**Goal of the exercise:** Report every line in the listing that contains the string "rect".

--- Data for processing ---

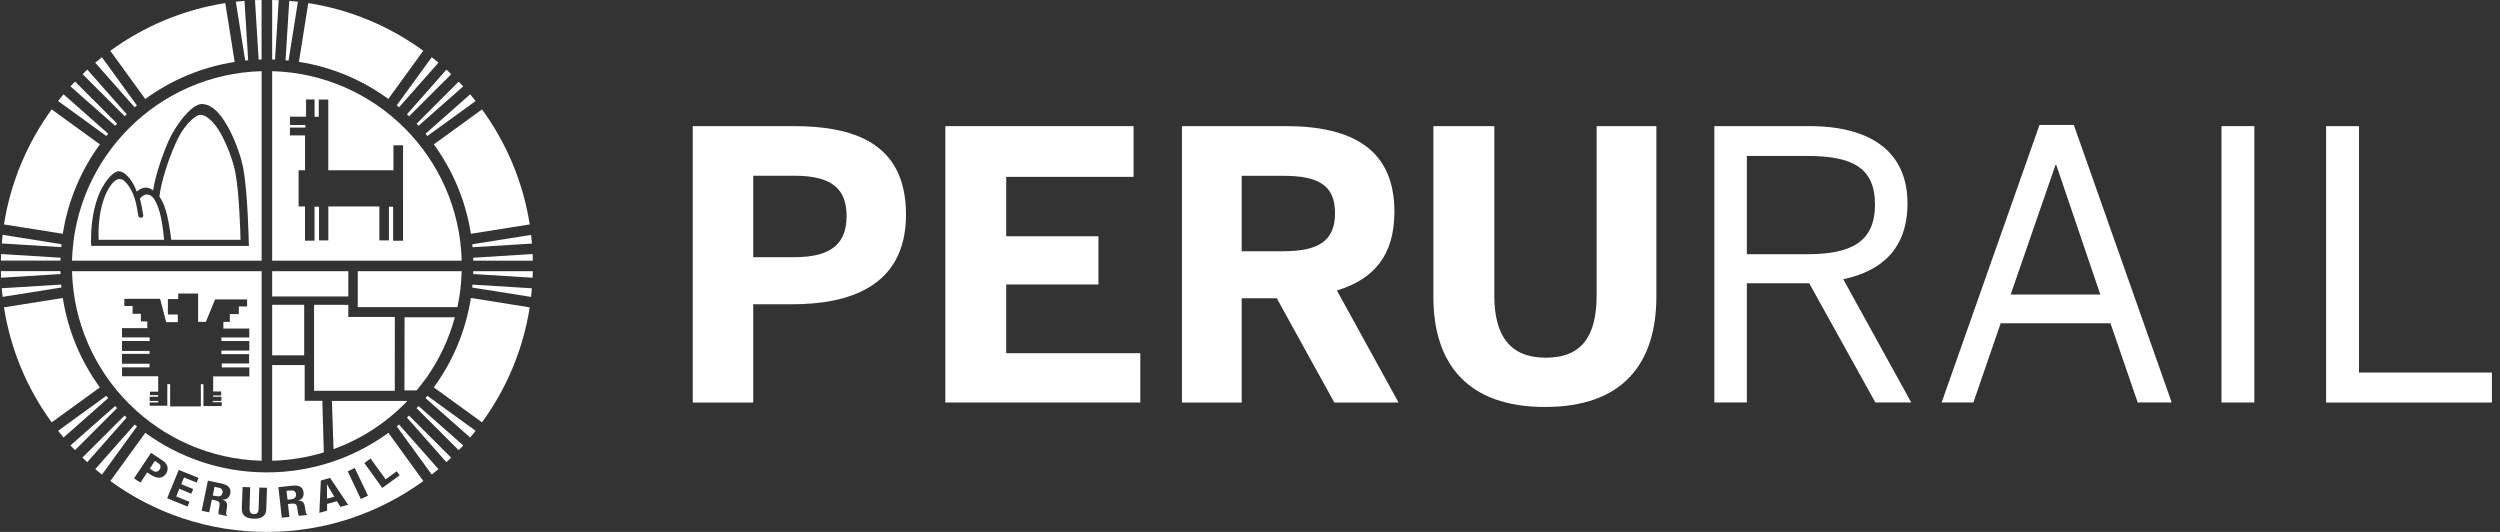 <svg width="188" height="40" viewBox="0 0 188 40" fill="none" xmlns="http://www.w3.org/2000/svg">
<rect x="0" y="0" width="188" height="40" fill="#333333" stroke="none"/>
<g clip-path="url(#clip0_258_9359)">
<path d="M59.759 19.34C62.595 19.34 63.663 18.244 63.663 16.252C63.663 14.26 62.623 13.216 59.759 13.216H56.643V19.34H59.759ZM52.095 9.484H59.651C64.087 9.484 68.131 10.664 68.131 16.14C68.131 21.616 63.751 22.88 59.591 22.88H56.643V30.268H52.095V9.484Z" fill="white"/>
<path d="M71.091 9.484H85.243V13.3H75.667V17.768H82.603V21.392H75.667V26.56H85.751V30.268H71.091V9.484Z" fill="white"/>
<path d="M96.491 18.892C99.131 18.892 100.395 18.136 100.395 16.028C100.395 13.92 99.131 13.22 96.491 13.22H93.375V18.896H96.491V18.892ZM88.879 9.484H96.687C101.799 9.484 104.859 11.308 104.859 15.916C104.859 19.204 103.315 21 100.535 21.844L105.171 30.268H100.339L96.015 22.432H93.375V30.268H88.883V9.484H88.879Z" fill="white"/>
<path d="M107.791 22.316V9.484H112.371V22.208C112.371 25.212 113.523 26.9 116.247 26.9C118.971 26.9 120.067 25.244 120.067 22.208V9.484H124.559V22.292C124.559 27.404 121.975 30.604 116.187 30.604C110.399 30.604 107.791 27.4 107.791 22.32" fill="white"/>
<path d="M135.915 19.116C139.175 19.116 140.999 18.216 140.999 15.38C140.999 12.544 139.203 11.728 135.887 11.728H131.363V19.116H135.911H135.915ZM128.923 9.484H136.055C140.775 9.484 143.443 11.48 143.443 15.296C143.443 18.64 141.563 20.38 138.611 20.996L143.723 30.264H141.027L136.055 21.304H131.363V30.264H128.919V9.484H128.923Z" fill="white"/>
<path d="M157.943 22.148L154.631 12.4H154.575L151.203 22.148H157.943ZM153.367 9.396H155.951L163.311 30.264H160.755L158.707 24.308H150.451L148.399 30.264H146.011L153.371 9.396H153.367Z" fill="white"/>
<path d="M169.527 9.484H167.055V30.268H169.527V9.484Z" fill="white"/>
<path d="M174.923 9.484H177.395V28.016H187.391V30.268H174.923V9.484Z" fill="white"/>
<path d="M23.003 7.48H23.655V8.784H23.971V7.484H24.687V12.804H29.587V10.924H30.311L30.307 18.104H29.563V15.548H29.247V18.08H28.527V15.528H24.691V18.076H23.991V15.548H23.655V18.1H22.935V15.528H22.455V12.804H22.939V10.18H21.803V9.596H22.963V9.4H21.807V8.772H23.015V7.472L23.003 7.48ZM34.719 19.6C34.511 11.824 28.243 5.564 20.467 5.352V19.6H34.719Z" fill="white"/>
<path d="M11.051 14.624C10.887 14.624 10.695 14.72 10.523 14.932C10.623 15.296 10.687 15.688 10.771 16.184C10.787 16.276 10.731 16.356 10.639 16.368C10.559 16.388 10.427 16.344 10.407 16.256C10.307 15.644 10.235 15.208 10.095 14.832C9.999 14.52 9.811 14.152 9.603 13.888C9.291 13.472 8.787 13 8.055 14.392C7.275 15.908 7.419 18.008 7.419 18.032H12.339C12.179 16.196 11.883 15.404 11.567 14.94C11.419 14.72 11.231 14.624 11.055 14.624" fill="white"/>
<path d="M12.343 18.104L12.355 18.032H12.339C12.339 18.06 12.343 18.08 12.347 18.104" fill="white"/>
<path d="M12.695 18.488H6.855L6.847 18.328C6.847 18.236 6.843 18.152 6.843 18.068C6.847 16.196 7.247 14.904 7.695 14.088C8.151 13.292 8.579 12.932 8.891 12.88C8.903 12.88 8.907 12.88 8.907 12.88H8.915C8.915 12.88 8.915 12.88 8.927 12.88H8.935C9.255 12.9 9.519 13.14 9.767 13.44C9.983 13.732 10.171 14.08 10.287 14.416C10.491 14.22 10.719 14.108 10.967 14.108C11.163 14.108 11.343 14.184 11.515 14.312C11.703 13.048 12.315 11.444 12.611 10.74C12.895 10.084 13.323 9.372 13.795 8.808C14.267 8.26 14.719 7.84 15.183 7.816C15.199 7.816 15.203 7.824 15.203 7.824C16.063 7.856 16.731 8.752 17.271 9.784C17.799 10.808 18.179 11.996 18.303 12.708C18.639 14.588 18.711 18.316 18.711 18.324L18.723 18.496H12.703L12.695 18.488ZM19.675 5.352C11.895 5.556 5.631 11.824 5.415 19.6H19.675V5.352Z" fill="white"/>
<path d="M16.755 10.332C16.275 9.372 15.623 8.636 15.063 8.64H15.055C14.847 8.628 14.391 8.956 13.983 9.468C13.495 10.068 13.215 10.76 13.007 11.24C12.719 11.92 12.123 13.616 11.987 14.776C12.335 15.308 12.607 15.892 12.879 18.032H18.087C18.071 17.324 17.987 14.54 17.707 13.028C17.599 12.396 17.243 11.28 16.755 10.336" fill="white"/>
<path d="M26.195 20.396H20.467V22.292L26.191 22.296L26.195 20.396Z" fill="white"/>
<path d="M22.875 22.92H20.467V26.72H22.875V22.92Z" fill="white"/>
<path d="M23.619 22.92V29.388H29.687L29.691 23.832L26.191 23.836L26.195 22.924L23.619 22.92Z" fill="white"/>
<path d="M30.419 29.36H31.327C31.327 29.36 31.675 28.944 32.103 28.36C33.043 27.008 33.763 25.488 34.207 23.856H30.423L30.415 29.36H30.419Z" fill="white"/>
<path d="M24.959 30.148L25.083 33.776C27.187 33.012 29.063 31.776 30.587 30.2C30.603 30.164 30.611 30.148 30.611 30.148H24.959Z" fill="white"/>
<path d="M26.903 23.096H34.399C34.587 22.224 34.695 21.32 34.719 20.396H26.903V23.096Z" fill="white"/>
<path d="M16.631 29.428V29.74H16.027V29.832H16.651L16.643 30.148H15.999V30.244H16.675V30.536H15.299V28.896L15.103 28.888V30.56H12.795V28.888H12.583V30.512H11.255V30.264H11.899V30.148H11.255V29.832H11.895V29.716H11.271V29.452H11.895V28.296H9.175V27.624H11.247V27.376V27.352H9.171V26.612H11.247V26.392H9.175V25.644H11.251L11.255 25.372H9.175V24.676H11.079V24.176L10.595 24.168V23.596H9.967L9.975 23.012H9.347V22.468H12.039L12.499 24.224H13.371V23.652H12.623V22.488H13.403V22.076H14.899V24.204H15.479L16.175 22.516H18.583V23.044H17.959V23.62H17.283V24.204H16.799V24.708H18.747V25.376H16.647V25.644H18.747V26.364H16.647V26.632H18.731V27.332H16.679V27.376V27.628H18.751V28.304H16.031V29.436H16.635L16.631 29.428ZM5.415 20.396C5.623 28.176 11.891 34.444 19.675 34.648V20.396H5.415Z" fill="white"/>
<path d="M22.911 30.148V27.452H20.467V34.648C21.815 34.612 23.115 34.396 24.351 34.02L24.239 30.14H22.915L22.911 30.148Z" fill="white"/>
<path d="M10.299 32.064C10.243 32.016 10.183 31.972 10.127 31.924L7.163 35.28C7.331 35.42 7.499 35.556 7.667 35.692L10.299 32.068V32.064Z" fill="white"/>
<path d="M9.527 31.4C9.475 31.352 9.419 31.3 9.367 31.248L6.199 34.412C6.319 34.528 6.435 34.644 6.559 34.756L9.523 31.4H9.527Z" fill="white"/>
<path d="M8.807 30.688C8.759 30.636 8.707 30.584 8.659 30.532L5.299 33.496C5.411 33.616 5.527 33.736 5.639 33.852L8.807 30.684V30.688Z" fill="white"/>
<path d="M8.135 29.936C8.087 29.88 8.039 29.82 7.995 29.764L4.367 32.396C4.503 32.568 4.639 32.736 4.779 32.9L8.135 29.936Z" fill="white"/>
<path d="M7.511 29.132C6.091 27.184 5.111 24.896 4.723 22.408L0.299 23.112C0.799 26.308 2.059 29.256 3.887 31.76L7.511 29.132Z" fill="white"/>
<path d="M7.159 4.712L10.123 8.068C10.179 8.02 10.239 7.972 10.295 7.928L7.663 4.304C7.491 4.44 7.323 4.576 7.159 4.716" fill="white"/>
<path d="M16.947 0.232C13.747 0.732 10.803 1.992 8.295 3.82L10.923 7.444C12.871 6.024 15.163 5.044 17.647 4.656L16.943 0.236L16.947 0.232Z" fill="white"/>
<path d="M20.959 0.012C20.795 0.004 20.631 0.004 20.467 0V4.476C20.539 4.476 20.611 4.476 20.683 4.48L20.959 0.012Z" fill="white"/>
<path d="M19.671 0C19.503 0 19.339 0.004 19.175 0.012L19.451 4.48C19.523 4.48 19.599 4.48 19.671 4.476V0Z" fill="white"/>
<path d="M8.659 9.46C8.707 9.408 8.759 9.352 8.811 9.3L5.643 6.136C5.527 6.256 5.411 6.372 5.299 6.496L8.659 9.46Z" fill="white"/>
<path d="M7.995 10.228C8.043 10.172 8.087 10.112 8.135 10.056L4.779 7.092C4.639 7.256 4.503 7.428 4.367 7.596L7.995 10.228Z" fill="white"/>
<path d="M4.723 17.58C5.111 15.092 6.091 12.804 7.511 10.856L3.887 8.228C2.063 10.736 0.803 13.68 0.299 16.876L4.723 17.58Z" fill="white"/>
<path d="M9.375 8.74C9.427 8.692 9.479 8.64 9.531 8.592L6.567 5.236C6.447 5.348 6.327 5.464 6.211 5.576L9.379 8.744L9.375 8.74Z" fill="white"/>
<path d="M4.619 21.624C4.611 21.552 4.607 21.476 4.599 21.4L0.131 21.676C0.151 21.892 0.171 22.108 0.195 22.324L4.619 21.62V21.624Z" fill="white"/>
<path d="M4.603 18.588C4.611 18.516 4.615 18.44 4.623 18.364L0.199 17.66C0.175 17.876 0.155 18.092 0.135 18.308L4.603 18.584V18.588Z" fill="white"/>
<path d="M4.547 20.388H0.067C0.067 20.556 0.071 20.72 0.079 20.884L4.551 20.608C4.551 20.536 4.551 20.46 4.547 20.388Z" fill="white"/>
<path d="M4.547 19.596C4.547 19.524 4.547 19.452 4.551 19.38L0.079 19.104C0.071 19.268 0.071 19.432 0.067 19.596H4.547Z" fill="white"/>
<path d="M18.383 0.064C18.167 0.084 17.951 0.104 17.735 0.128L18.439 4.552C18.511 4.544 18.587 4.54 18.663 4.532L18.387 0.064H18.383Z" fill="white"/>
<path d="M30.759 31.252C30.707 31.3 30.655 31.352 30.603 31.4L33.567 34.756C33.687 34.644 33.807 34.528 33.923 34.416L30.755 31.248L30.759 31.252Z" fill="white"/>
<path d="M35.531 21.4C35.523 21.472 35.519 21.548 35.511 21.624L39.935 22.328C39.959 22.112 39.979 21.896 39.999 21.68L35.531 21.404V21.4Z" fill="white"/>
<path d="M35.411 22.408C35.023 24.896 34.043 27.184 32.623 29.132L36.247 31.76C38.075 29.252 39.335 26.308 39.835 23.112L35.411 22.408Z" fill="white"/>
<path d="M31.475 30.532C31.427 30.584 31.375 30.64 31.323 30.692L34.491 33.856C34.607 33.736 34.723 33.62 34.835 33.496L31.475 30.532Z" fill="white"/>
<path d="M22.399 0.128C22.183 0.104 21.967 0.084 21.751 0.064L21.475 4.532C21.547 4.54 21.623 4.544 21.699 4.552L22.403 0.128H22.399Z" fill="white"/>
<path d="M35.587 20.392C35.587 20.464 35.587 20.536 35.583 20.608L40.055 20.884C40.063 20.72 40.063 20.556 40.067 20.392H35.587Z" fill="white"/>
<path d="M35.587 19.6H40.067C40.067 19.432 40.063 19.268 40.055 19.104L35.583 19.38C35.583 19.452 35.583 19.528 35.587 19.6Z" fill="white"/>
<path d="M32.139 29.764C32.091 29.82 32.047 29.88 31.999 29.936L35.355 32.9C35.495 32.736 35.631 32.564 35.767 32.396L32.139 29.764Z" fill="white"/>
<path d="M39.939 17.664L35.515 18.368C35.523 18.44 35.527 18.516 35.535 18.592L40.003 18.316C39.983 18.1 39.963 17.884 39.939 17.668" fill="white"/>
<path d="M32.623 10.856C34.043 12.804 35.023 15.092 35.411 17.58L39.835 16.876C39.335 13.68 38.075 10.732 36.247 8.228L32.623 10.856Z" fill="white"/>
<path d="M31.835 3.82C29.327 1.992 26.383 0.732 23.183 0.232L22.479 4.652C24.967 5.04 27.255 6.02 29.203 7.44L31.831 3.816L31.835 3.82Z" fill="white"/>
<path d="M31.999 10.056C32.047 10.112 32.095 10.172 32.139 10.228L35.767 7.596C35.631 7.424 35.495 7.256 35.355 7.092L31.999 10.056Z" fill="white"/>
<path d="M29.835 7.928C29.891 7.976 29.951 8.02 30.007 8.068L32.971 4.712C32.803 4.572 32.635 4.436 32.467 4.3L29.835 7.924V7.928Z" fill="white"/>
<path d="M32.971 35.28L30.007 31.924C29.951 31.972 29.891 32.02 29.835 32.064L32.467 35.688C32.639 35.552 32.807 35.416 32.971 35.276" fill="white"/>
<path d="M30.603 8.592C30.655 8.64 30.711 8.692 30.763 8.744L33.931 5.58C33.811 5.464 33.695 5.348 33.571 5.236L30.607 8.592H30.603Z" fill="white"/>
<path d="M31.323 9.304C31.371 9.356 31.423 9.408 31.471 9.46L34.831 6.496C34.719 6.376 34.603 6.256 34.491 6.14L31.323 9.308V9.304Z" fill="white"/>
<path d="M21.823 36.88L21.547 36.912L21.623 37.576L21.867 37.556C22.139 37.52 22.283 37.408 22.259 37.156C22.235 36.948 22.087 36.86 21.823 36.884" fill="white"/>
<path d="M16.399 36.664L16.131 36.608L15.999 37.26L16.231 37.304C16.511 37.36 16.679 37.304 16.731 37.06C16.775 36.848 16.663 36.712 16.403 36.66" fill="white"/>
<path d="M24.583 36.428L24.595 37.5L25.139 37.352L24.591 36.428H24.583Z" fill="white"/>
<path d="M27.399 34.82L27.867 34.48L28.999 36.044L29.835 35.44L30.055 35.744L28.747 36.692L27.399 34.824V34.82ZM27.135 37.528L26.151 35.448L26.679 35.192L27.671 37.276L27.139 37.528H27.135ZM25.599 38.12L25.339 37.692L24.599 37.896V38.404L24.015 38.564L24.127 36.136L24.823 35.94L26.179 37.96L25.595 38.12H25.599ZM22.499 38.796C22.439 38.728 22.415 38.648 22.407 38.56L22.339 38.116C22.311 37.94 22.199 37.848 21.967 37.868L21.655 37.904L21.763 38.872L21.191 38.932L20.935 36.636L22.007 36.52C22.479 36.468 22.791 36.636 22.827 37.024C22.863 37.332 22.731 37.556 22.415 37.644C22.811 37.644 22.895 37.816 22.959 38.308C22.983 38.536 23.007 38.668 23.123 38.7L23.131 38.72L22.499 38.792V38.796ZM20.027 38.284C20.011 38.876 19.559 39.016 19.087 39.008C18.611 38.988 18.167 38.848 18.183 38.228L18.243 36.624L18.815 36.64L18.767 38.252C18.767 38.472 18.823 38.652 19.095 38.66C19.359 38.668 19.439 38.5 19.447 38.272L19.499 36.664L20.079 36.68L20.023 38.284H20.027ZM17.315 37.112C17.251 37.412 17.059 37.584 16.727 37.568V37.576C17.099 37.696 17.123 37.888 17.039 38.356C16.991 38.6 16.987 38.724 17.079 38.792V38.812L16.459 38.676C16.415 38.604 16.419 38.516 16.435 38.428L16.511 37.988C16.543 37.808 16.459 37.684 16.235 37.636L15.931 37.572L15.731 38.528L15.167 38.404L15.635 36.144L16.687 36.368C17.155 36.464 17.395 36.72 17.319 37.104M14.795 36.292L13.839 35.904L13.631 36.408L14.527 36.776L14.383 37.128L13.487 36.756L13.255 37.332L14.251 37.736L14.103 38.092L12.571 37.468L13.443 35.336L14.931 35.936L14.791 36.292H14.795ZM11.327 35.7L11.071 35.524L10.563 36.288L10.079 35.972L11.359 34.052L12.203 34.612C12.695 34.932 12.671 35.336 12.483 35.628C12.215 36.016 11.787 36 11.327 35.696M29.207 32.548C26.643 34.416 23.483 35.524 20.067 35.524C16.651 35.524 13.491 34.416 10.927 32.548L8.299 36.172C11.603 38.58 15.667 40 20.067 40C24.467 40 28.531 38.576 31.835 36.172L29.207 32.548Z" fill="white"/>
<path d="M11.855 34.796L11.647 34.66L11.267 35.24L11.479 35.384C11.667 35.512 11.867 35.508 12.003 35.312C12.119 35.124 12.103 34.948 11.859 34.796" fill="white"/>
</g>
<defs>
<clipPath id="clip0_258_9359">
<rect width="187.324" height="40" fill="white" transform="translate(0.067)"/>
</clipPath>
</defs>
</svg>

---

**Expected answer:**
<rect x="0" y="0" width="188" height="40" fill="#333333" stroke="none"/>
<rect width="187.324" height="40" fill="white" transform="translate(0.067)"/>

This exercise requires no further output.